While the question has not been raised here it is important to keep in mind the fact that the right to tax depends upon the valuation and assessment of a definite estate in land. If there is no land there is nothing to tax, and this principle applies as well to minerals as to surface. Because there may be a reservation of oil and gas by the grantor of the surface, or there may be an express grant of all the oil and gas underlying one or several tracts of land, it does not follow that in point of fact there is any such estate in existence. When the assessor goes upon the land it is his duty to make a valuation upon information or knowledge which will furnish some definite fixed basis of valuation. A mere naked reservation of oil and gas in a deed without any other facts to base a valuation upon is not sufficient to warrant the assessment of taxes.

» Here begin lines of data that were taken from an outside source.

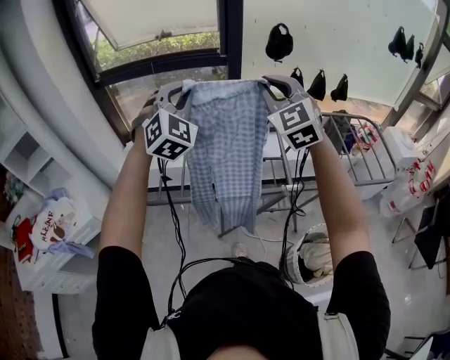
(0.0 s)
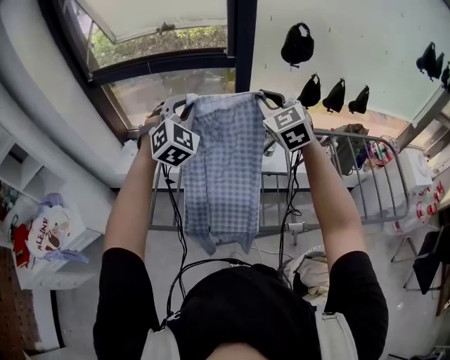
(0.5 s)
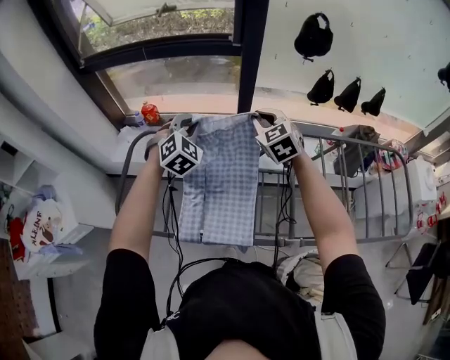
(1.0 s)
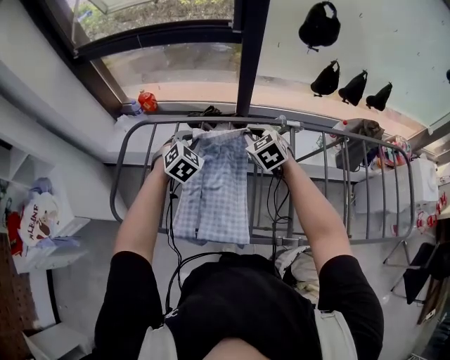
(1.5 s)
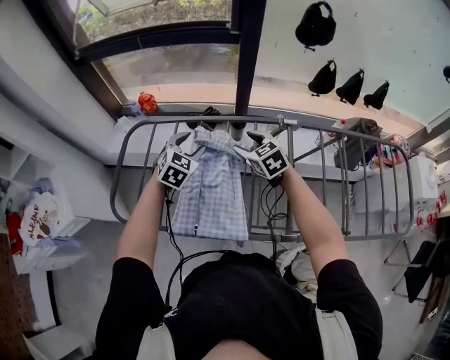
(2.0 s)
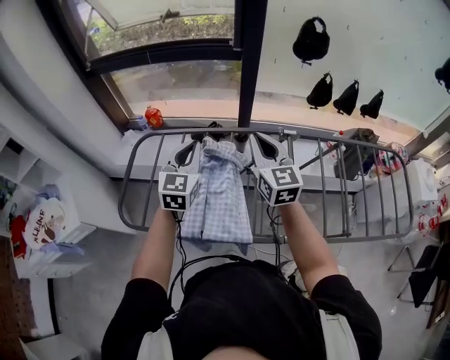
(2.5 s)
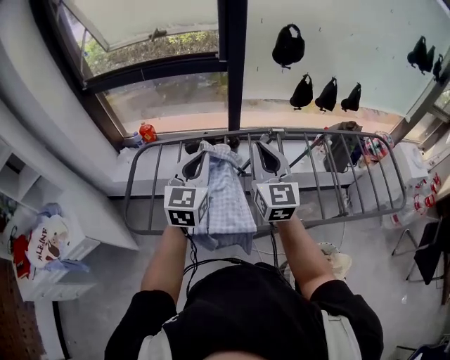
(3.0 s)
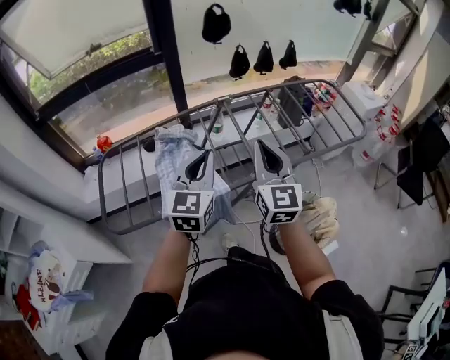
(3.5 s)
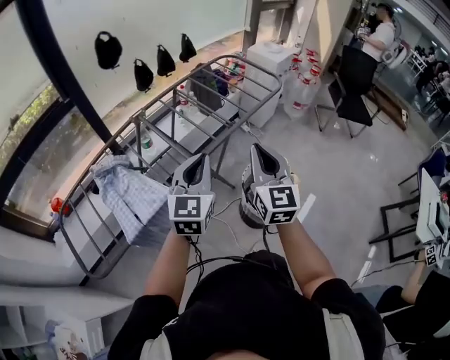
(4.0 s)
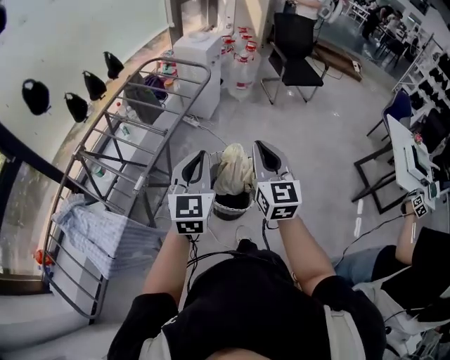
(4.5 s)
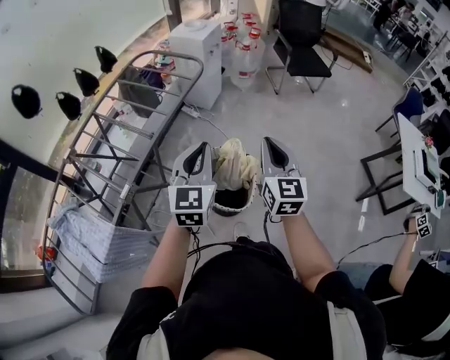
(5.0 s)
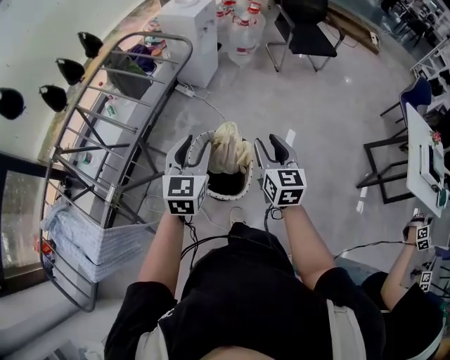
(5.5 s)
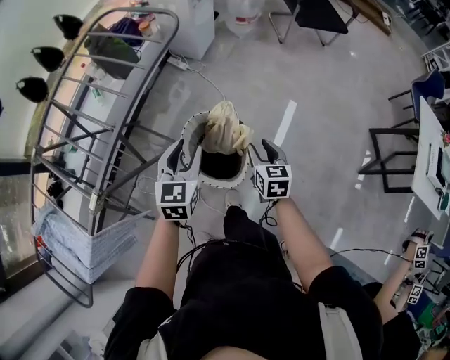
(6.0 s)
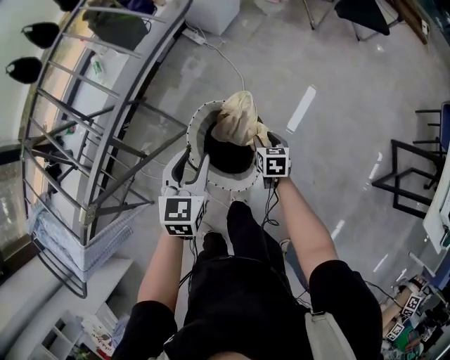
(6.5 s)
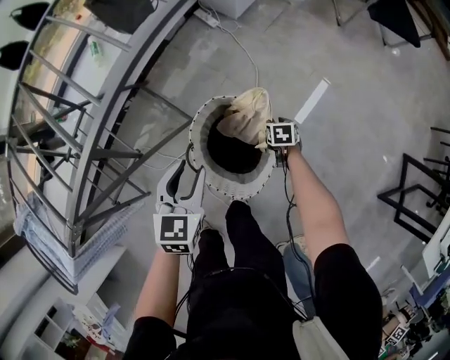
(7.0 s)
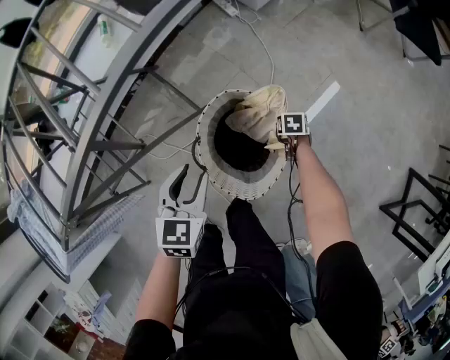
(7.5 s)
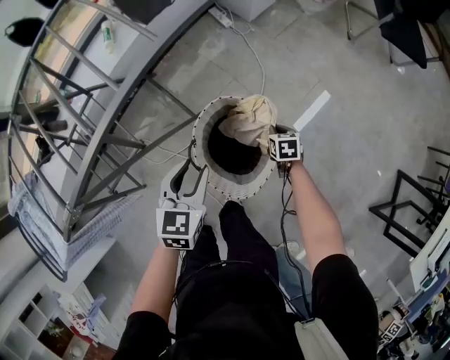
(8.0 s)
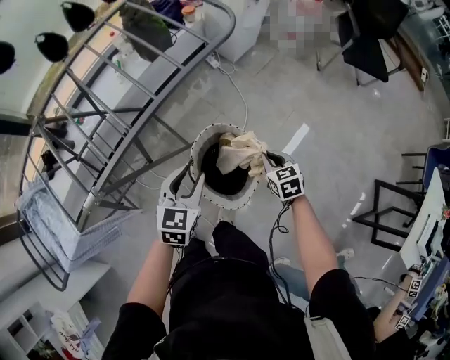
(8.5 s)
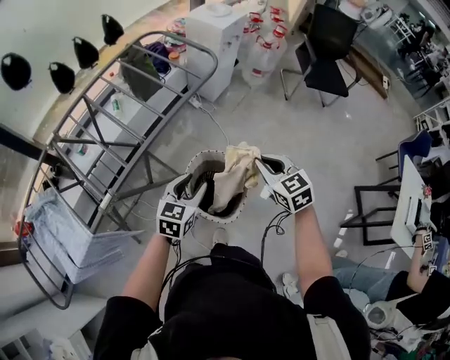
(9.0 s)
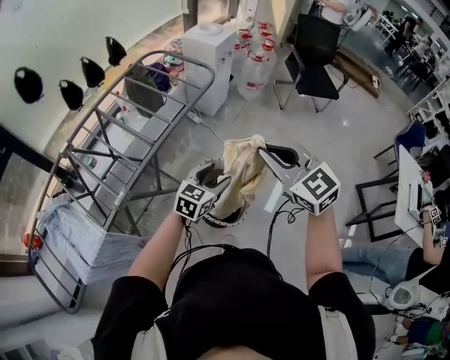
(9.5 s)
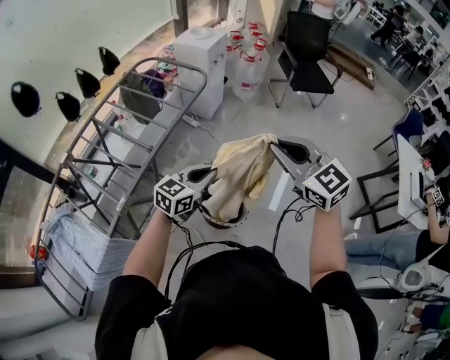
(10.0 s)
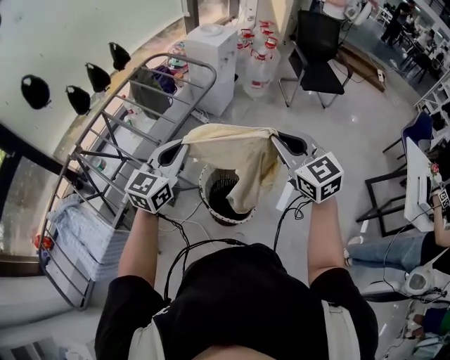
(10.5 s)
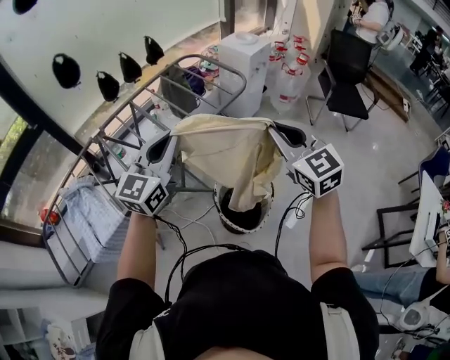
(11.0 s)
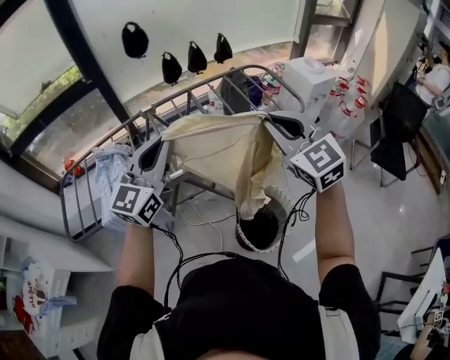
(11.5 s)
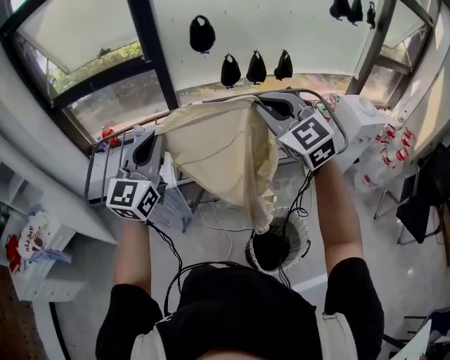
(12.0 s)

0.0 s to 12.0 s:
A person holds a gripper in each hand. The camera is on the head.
0.0 to 2.0 s: Both grippers travel together downward and forward, approximately 40 cm. The left gripper changes its angle by some 40 degrees, and opens up. Meanwhile the right gripper angles its fingers downward, by roughly 40 degrees, and opens.
2.0 to 4.0 s: The two grippers travel together, about 50 cm. The left gripper tips its fingers upward by approximately 30 degrees, and closes; the right gripper tilts its fingers roughly 40 degrees upward, and closes its fingers.
4.0 to 6.0 s: The right gripper goes roughly 50 cm to the right, downward and forward, tips its fingers downward by approximately 40 degrees, and opens up; the left gripper moves to the right, forward and downward, approximately 40 cm, rotates roughly 30 degrees, and opens its fingers.
6.0 to 8.0 s: The right gripper shifts approximately 30 cm downward, changes its angle by approximately 30 degrees, and closes its fingers. The left gripper goes roughly 15 cm downward.
8.0 to 10.0 s: The right gripper moves upward, roughly 70 cm, and tilts its fingers approximately 50 degrees upward; the left gripper moves upward, approximately 25 cm, rotates roughly 50 degrees, and closes its fingers.
10.0 to 12.0 s: The left gripper changes place by some 50 cm, and changes its angle by some 90 degrees. Meanwhile the right gripper shifts by some 40 cm, and changes its angle by about 50 degrees.

Development in the neighborhood, sales of oil or gas lands in close enough proximity to add value, or any other element of value which may form a basis of valua*434tion may be taken into consideration by the assessor or other taxing authorities, but it should always be borne in mind that real estate is the thing being dealt with and ) that oil and gas are considered real estate and if there be \ no oil and gas then there is no real estate to be taxed.
Decree affirmed at the cost of appellant.